個人差はあるだろうが、筆者の場合、小鼻のキワにブラシがジャストフィット。毛穴の汚れがたまりやすい小鼻は、凹凸が多く、洗顔しにくい場所でもある。「Po bling」はブラシがフィットするおかげで、力をかけ過ぎずに使用できる

◆泡立てた洗顔フォームで使用すると、泡がよりキメ細かくなる気がする

「Po bling」の振動で洗顔フォームを泡立てることはできないが、泡立てた洗顔フォームと一緒に使うと音波振動で泡がきめ細かくなったのか、普段より泡がやわらかく感じられた

<いまいちなところ>
◆ブラシにクレンジング剤を乗せた後、クレンジング剤を顔全体に行き渡らせるのが難しい


難しいというより、クレンジング剤をつい沢山使ってしまいそうになるのだ。本当に取扱説明書の使用法のとおりにやるなら、普段の3倍の量のクレンジング剤を要するだろう。なので、筆者はクレンジング剤や泡立てた洗顔料を手で顔全体に伸ばした後に、十分に濡らしたブラシで顔をなでるようにクレンジングを行っていた。それでも、洗いあがりに問題はなかった。

◆メイクも落とせるけど……アイメイクは手洗いが無難?


アイメイクにそのまま使用すると、ブラシはこんな感じに。落ちたメイクが極細毛によって再び毛穴に入る気がするし、マスカラのカスがブラシの奥に入ってしまうと、取り除くのにひと苦労。マスカラや濃いアイラインだけでも、軽く落としてから使用することをおすすめしたい

気になるメイク落ちをチェック!

「Po bling」での洗顔が気持ちよいことはわかったが、大切なのは、本当に毛穴の奥の汚れを浮かせて落としているのか? ということ。手洗いよりも洗いあがりがさっぱりした気はするが、気のせいなものかもしれない。ということで、手の甲に塗ったアイライナーで、「Po bling」音波振動の力を見てみることに。

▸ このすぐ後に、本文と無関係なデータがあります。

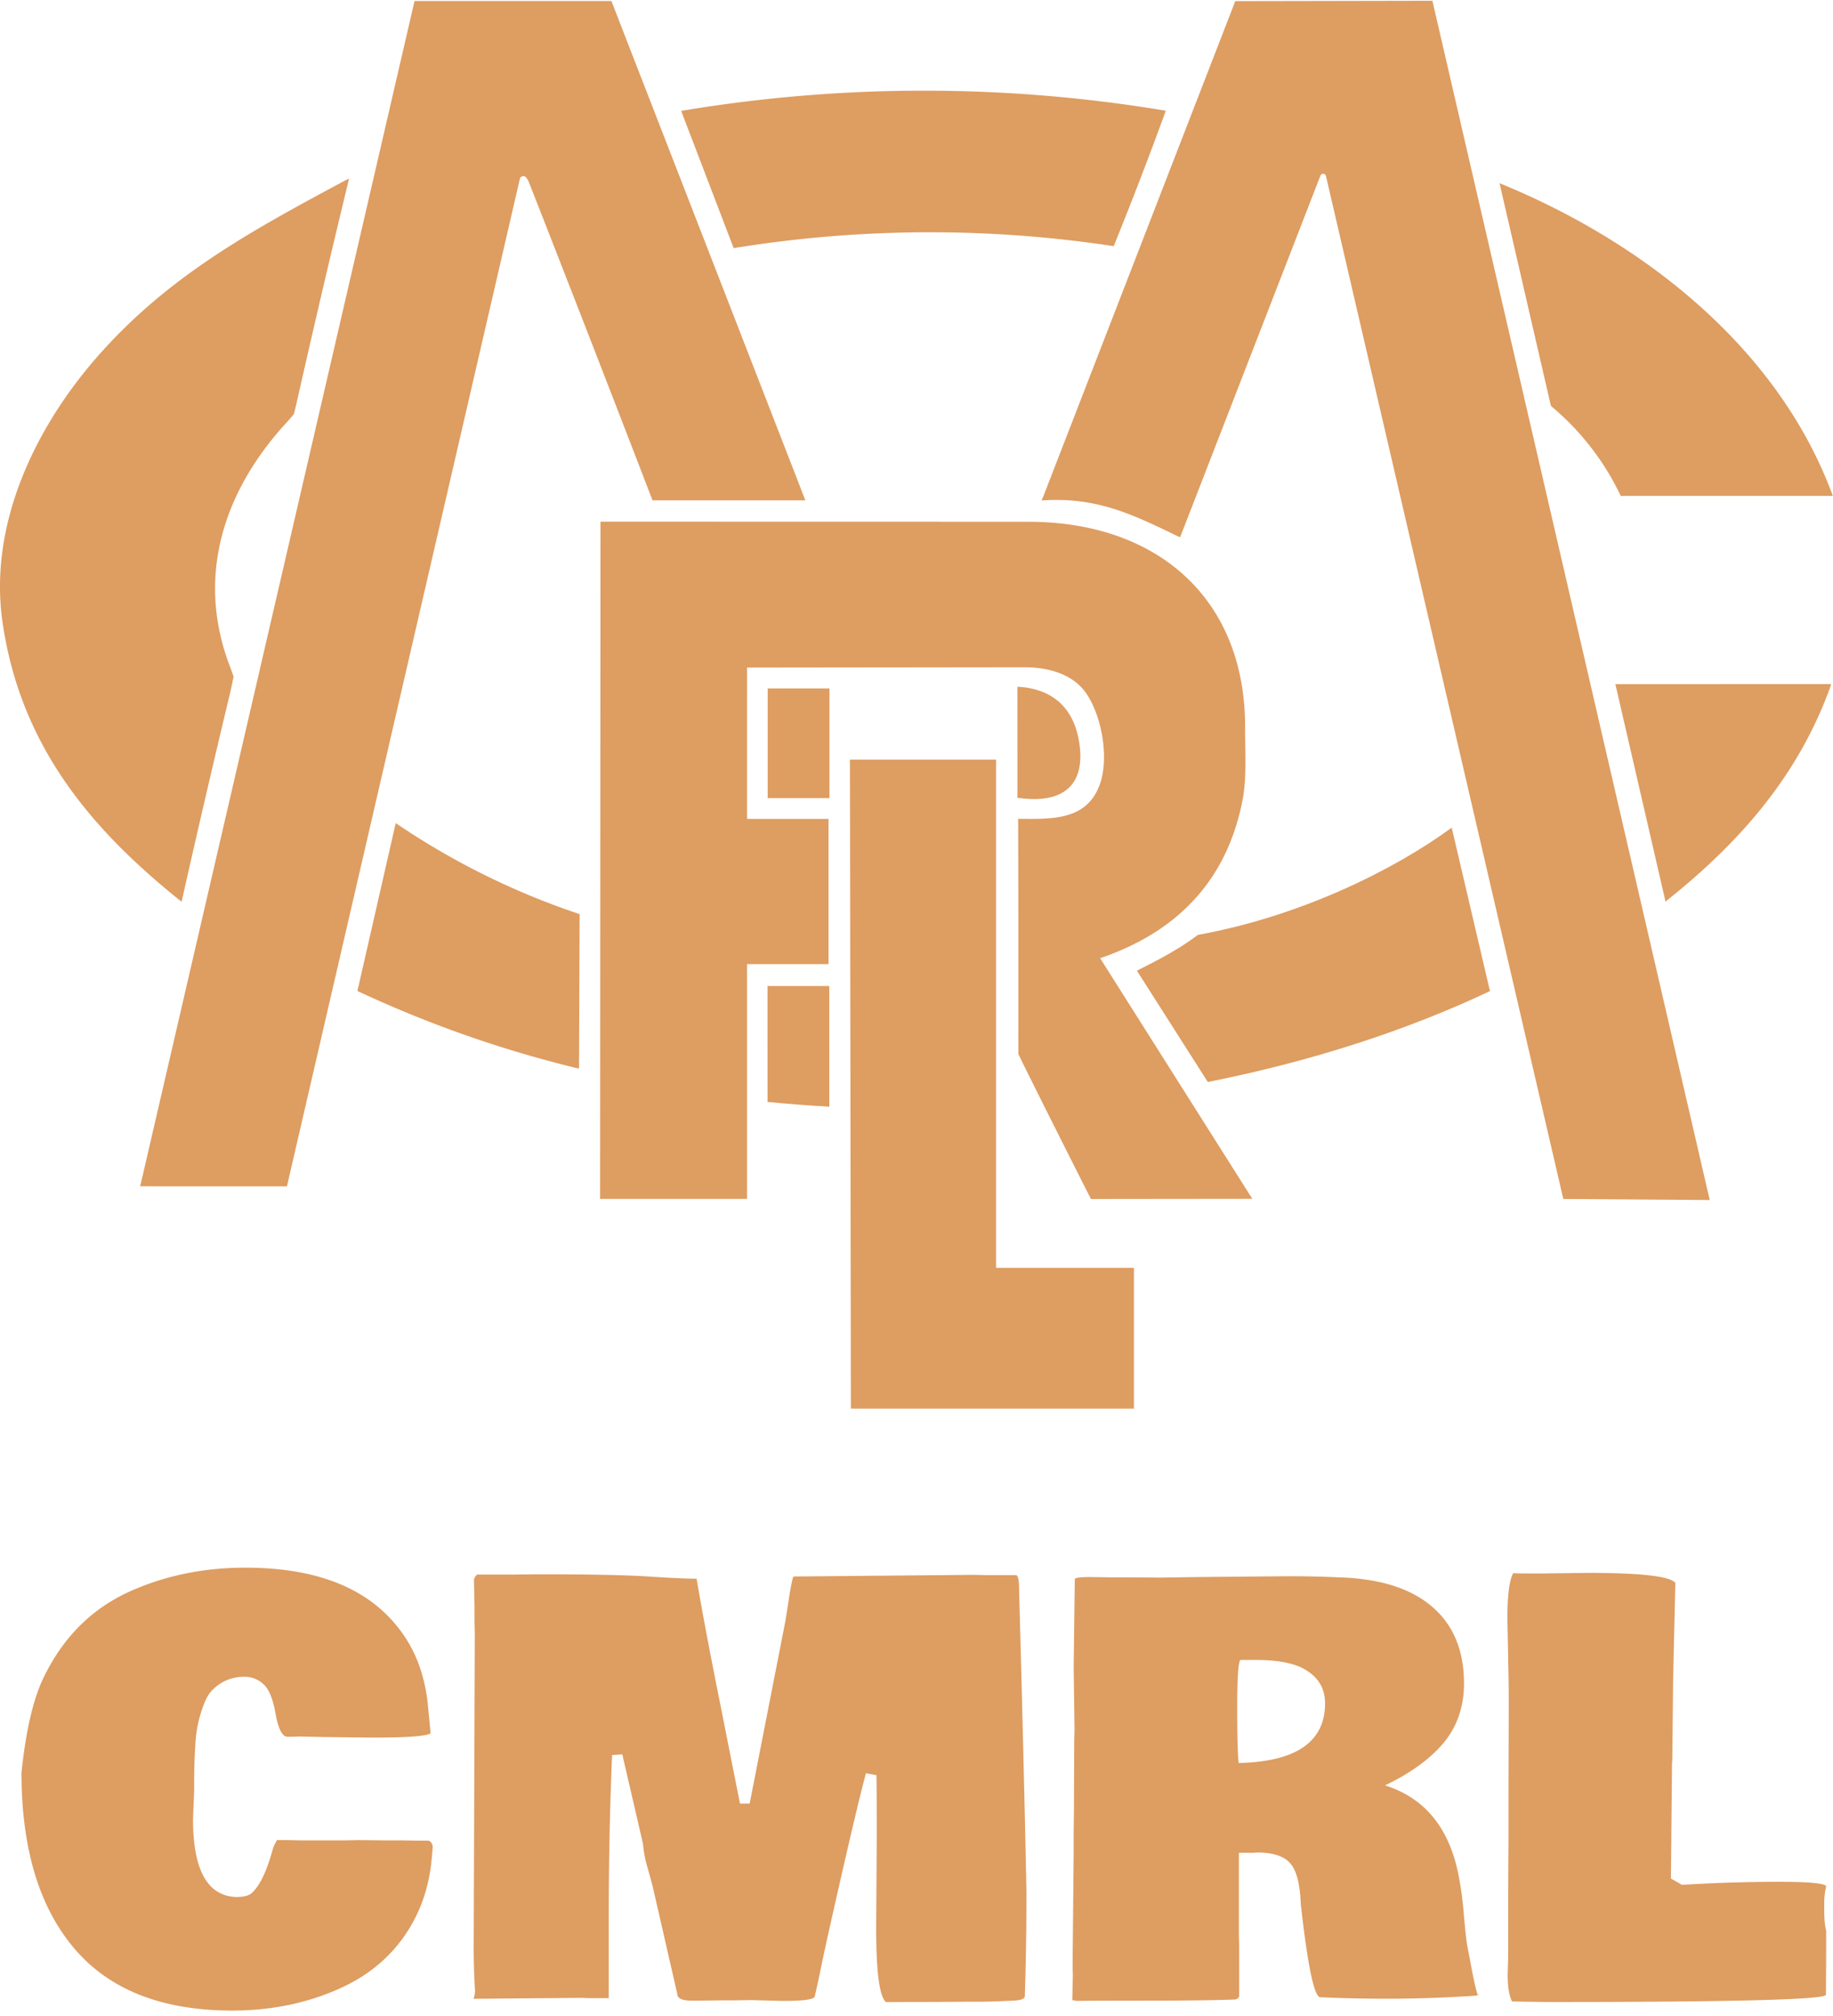 <svg xmlns="http://www.w3.org/2000/svg" fill="none" viewBox="0.0 0.0 81.0 89.0" width="301.565" height="331.604"><path fill="#DE9D61" d="M58.593 7.743a.124.124 0 0 0-.13-.1.129.129 0 0 0-.114.084L52.2 23.571l-.055.132-.13-.06c-1.978-.957-3.488-1.682-5.765-1.58h-.004c-.045 0-.22.013-.22.013l.088-.204L54.54.136l.045-.12h.13L63.18 0h.118l.026.115 12.195 52.723.036.145-.152-.001-6.195-.045-.124-.001s-.022-.086-.03-.124l-10.46-45.07Zm-35.226.259a.648.648 0 0 0-.146-.225c-.05-.041-.102-.025-.112-.025a.14.14 0 0 0-.135.109L12.72 52.204l-.037.175s-.122.002-.185 0l-6.138-.002h-.17l.042-.16L18.285.154l.032-.14.152-.003h8.55l.046.12 8.423 21.68.101.262-.276-.002h-6.476l-.09-.228a2361.867 2361.867 0 0 0-5.38-13.841Zm26.037 2.368-.186.47-.487-.07a54.065 54.065 0 0 0-16.309.158l-.05-.127-2.215-5.787-.055-.15.155-.025a64.893 64.893 0 0 1 21.165.003l.095.016-.032.086a173.82 173.82 0 0 1-2.08 5.425ZM4.492 15.51c3.09-3.44 6.728-5.408 10.732-7.555l.201-.103-.051.218a621.864 621.864 0 0 0-2.233 9.547c-.046.202-.152.64-.152.64s-.165.204-.291.34c-2.757 2.969-4.044 6.734-2.587 10.68l.212.578s-.102.504-.152.713a658.298 658.298 0 0 0-2.114 9.094l-.03.14s-.08-.058-.117-.088C3.863 36.464.904 32.801.118 27.502c-.645-4.342 1.426-8.717 4.374-11.993Zm61.9-7.398c6.185 2.55 12.077 7.133 14.522 13.553l.079.21h-9.081l-.288.002-.13-.26A11.623 11.623 0 0 0 68.652 18a4.09 4.09 0 0 0-.112-.093l-.04-.158-2.204-9.552-.032-.137.13.053Z"/><path fill="#DE9D61" d="M33.14 36.145h3.472v6.219l.001.196H33.01v10.374h-6.367l-.127.001.001-.163.018-29.615v-.144h.145l18.278.004.547.002c5.569.015 9.544 3.33 9.516 9.128-.003 1.034.076 2.18-.108 3.14-.653 3.395-2.679 5.707-6.077 6.936l-.22.075.125.202 6.445 10.189.154.239-.287.002-6.605.007c-.078 0-.235.004-.235.004s-.083-.156-.114-.219a816.5 816.5 0 0 1-2.84-5.658 35.599 35.599 0 0 1-.257-.535L45 45.956c.005-3.224.002-6.445-.008-9.664l-.002-.15h.154c1.502.019 2.912.003 3.46-1.531.41-1.147.094-2.993-.603-4.012-.559-.814-1.575-1.13-2.621-1.152l-.134-.002-12.235.014-.001 6.555v.13l.13.001ZM80.85 30.4c-1.417 3.855-3.943 6.743-7.099 9.275l-.152.125-.044-.193-2.172-9.416 9.534-.003c.009 0-.063.204-.066.212Z"/><path fill="#DE9D61" d="m44.958 30.305.287.024c1.738.218 2.337 1.427 2.472 2.642.192 1.737-.807 2.49-2.63 2.257l-.129-.016.002-.29-.002-4.617Zm-.78 25.675h5.931v6.056l.001.163H37.763l-.16-.002-.003-.16-.041-28.348v-.163h6.295l.164.001-.002.162v22.129l.002.163.16-.001ZM17.442 36.53c.006-.03.048-.199.048-.199l.164.112a33.005 33.005 0 0 0 7.962 3.91l-.003.13-.026 6.521-.001.175-.172-.041a51.532 51.532 0 0 1-9.62-3.39l.049-.214 1.599-7.004Z"/><path fill="#DE9D61" fill-rule="evenodd" d="M65.842 43.752c-3.661 1.733-7.875 3.104-12.47 4.017l-3.131-4.915c.187-.116 1.638-.771 2.69-1.584 4.462-.806 8.608-2.824 11.22-4.739l1.69 7.221ZM36.647 48.86c-.92-.053-1.83-.124-2.73-.21l-.002-5.121h2.73l.002 5.33Z" clip-rule="evenodd"/><path fill="#DE9D61" d="M36.655 30.38h-2.731v4.847h2.73v-4.846ZM.95 78.271c.195-1.856.52-3.251.976-4.187.87-1.807 2.169-3.088 3.894-3.845 1.538-.676 3.21-1.013 5.017-1.013 3.027 0 5.237.83 6.628 2.49.839.985 1.323 2.21 1.453 3.674l.11 1.148c-.138.13-1.013.195-2.625.195l-1.94-.025h-.16l-1.061-.024-.293.012h-.244c-.228 0-.403-.333-.525-1-.114-.668-.293-1.108-.537-1.319a1.179 1.179 0 0 0-.83-.33 1.97 1.97 0 0 0-.843.171 1.99 1.99 0 0 0-.586.415c-.154.155-.285.379-.39.672a5.529 5.529 0 0 0-.354 1.611 26.4 26.4 0 0 0-.061 1.892v.293l-.05 1.233c0 2.246.636 3.394 1.905 3.442.326 0 .554-.057.684-.17.35-.31.655-.932.915-1.868a1.74 1.74 0 0 1 .208-.476h.464l.561.012h1.978l.598-.012 1.16.012h.707l.72.012h.489c.098.008.167.094.207.257l-.036.402c-.073.96-.297 1.831-.671 2.613-.692 1.432-1.783 2.498-3.272 3.198-1.481.692-3.109 1.037-4.883 1.037-3.1 0-5.428-.915-6.982-2.746C1.726 84.216.949 81.624.949 78.27Zm26.098-.769a167.692 167.692 0 0 0-.147 7.104v3.638h-.89l-.306-.012-4.333.037c-.277 0-.424.004-.44.012 0-.008.016-.078.049-.208V88l.012-.049a31.557 31.557 0 0 1-.06-2.136l.048-13.635-.012-.635v-.61l-.025-1.148c0-.081.045-.167.135-.256h1.672l.977-.012c2.294 0 3.934.032 4.919.097.993.065 1.705.098 2.136.098.236 1.4.586 3.255 1.05 5.566l.867 4.37h.427l1.563-7.983c.024-.122.08-.476.17-1.062.09-.594.16-.924.208-.989h.049l7.947-.073.476.012h1.367c.073.033.114.183.122.452l.122 4.614c.098 3.825.167 6.803.207 8.936 0 1.644-.024 3.186-.073 4.626-.024.098-.187.155-.488.171l-.55.024a27.55 27.55 0 0 1-.976.025h-.635c-.79.008-1.953.012-3.49.012-.286-.252-.428-1.343-.428-3.271l.024-3.834v-.988c0-.871-.004-1.514-.012-1.929l-.464-.085c-.268.984-.785 3.177-1.55 6.58l-.11.487c-.057.253-.155.704-.293 1.356-.13.642-.236 1.13-.317 1.464-.098.114-.53.171-1.294.171h-.159l-1.367-.036-.745.012h-.573l-.965.012h-.342c-.374 0-.582-.085-.622-.256l.012.012-1.11-4.846a85.387 85.387 0 0 0-.22-.794 5.226 5.226 0 0 1-.196-1.037l-.915-3.956-.452.025Zm25.903-7.862 3.919-.036c.83 0 1.583.016 2.258.049 1.815.049 3.194.476 4.138 1.282.952.805 1.428 1.94 1.428 3.405 0 1.018-.297 1.888-.89 2.613-.595.716-1.462 1.346-2.6 1.892 1.806.57 2.9 1.953 3.283 4.15.09.48.159 1.03.207 1.648.057.619.102 1.034.135 1.245l.122.623c.13.732.244 1.261.342 1.587l-.05.036c-1.383.09-2.648.135-3.796.135a64.32 64.32 0 0 1-3.027-.062h-.073c-.253 0-.521-1.2-.806-3.6l-.061-.525c-.032-.896-.191-1.498-.476-1.807-.277-.31-.761-.464-1.453-.464l-.158.012h-.647v3.711l.012.39v2.235c-.025.081-.086.13-.183.146-.895.033-2.16.049-3.797.049-1.627 0-2.701.004-3.222.012l-.073-.024-.025.012c-.016 0-.04-.012-.073-.037l.024-1.098-.012-.366.049-5.066v-.892l.012-.915.012-3.162.013-.415-.037-2.77.049-3.895c0-.065.232-.097.696-.097l.78.012h.745l1.55.012 1.685-.024Zm12.415 18.421-.061.037v-.025c0-.008.02-.012.06-.012Zm-.061.037v.012c-.008 0-.013-.004-.013-.012h.013ZM57.468 73.62c-.489-.212-1.14-.317-1.953-.317h-.708c-.09.13-.135.818-.135 2.063 0 1.237.02 2.067.061 2.49 2.548-.057 3.821-.936 3.821-2.637 0-.724-.362-1.257-1.086-1.599Zm23.23 9.693a3.01 3.01 0 0 0-.086.732v.28c0 .432.029.741.086.928 0 1.23-.004 2.177-.012 2.845-.05.211-4.065.317-12.049.317-.366 0-.972-.008-1.819-.024-.13-.245-.195-.647-.195-1.209l.024-.793v-2.771l.013-2.32v-2.295l.012-3.698a71.5 71.5 0 0 0-.025-1.929v-.134l-.036-1.758c0-1.034.085-1.705.256-2.014.163.008.387.012.672.012h.585l2.051-.025c2.336 0 3.622.147 3.858.44l-.098 4.26-.037 3.577-.012.146-.049 5.079.489.28a70.417 70.417 0 0 1 4.272-.134c1.384 0 2.084.07 2.1.207Z"/></svg>

【動画でチェック! 】手にアイライナーで線を描き、「Po bling」で落としてみた。ほとんど力は入れていないが、軽くなでるようにするだけで、線がずいぶん薄くなったのがわかる

【手洗いと比較】動画同様、アイライナーで手の甲に描いた線を、手洗いしたものと、「Po bling」を使用したものとで比べてみた。向かって左側に「Po bling」を使用した。「Po bling」を使用した所は、手洗いに比べ、シワの奥のアイライナーがほとんど残っていない。これは予想以上!

まとめ

「Po bling」は「クレンジング」にも「洗顔」にも使用でき、その際にブラシを付け替える必要がない。そこが非常に使いやすいと感じた。平日の入浴時は眠い、もしくは疲れていることがほとんどな筆者でも、肌の調子に合わせて、「クレンジング」と「洗顔」をちゃんと使い分けていた。もし、ブラシの取り替えが必要だったら、きっとどちらかひとつのブラシしか使用しなかった可能性は高い。また、「Po bling」は持ちやすいので、ほかの電動洗顔ブラシと一緒に並んでいても、つい手に取る機会が多かったのも事実。

洗浄力も確かで、使用感は10,000円を越える価格帯のものと遜色ない。ブラシのもちがよいのも高ポイントだ。タイマー機能が付いていない点が気にならなければ、コストパフォーマンスの高さを感じられる製品だろう。

価格.comマガジン編集部/TASAI

最近、「男の美容家電特集」なるものを目にする機会が増えました。男性も美顔器や電動洗顔ブラシを使う時代のようです。「Po bling」は、男性が使ってももちろんOK。デザインもほかの電動洗顔ブラシに比べてシンプルなので、男性でも抵抗なく使えそう。プレゼントにもいいかもしれません。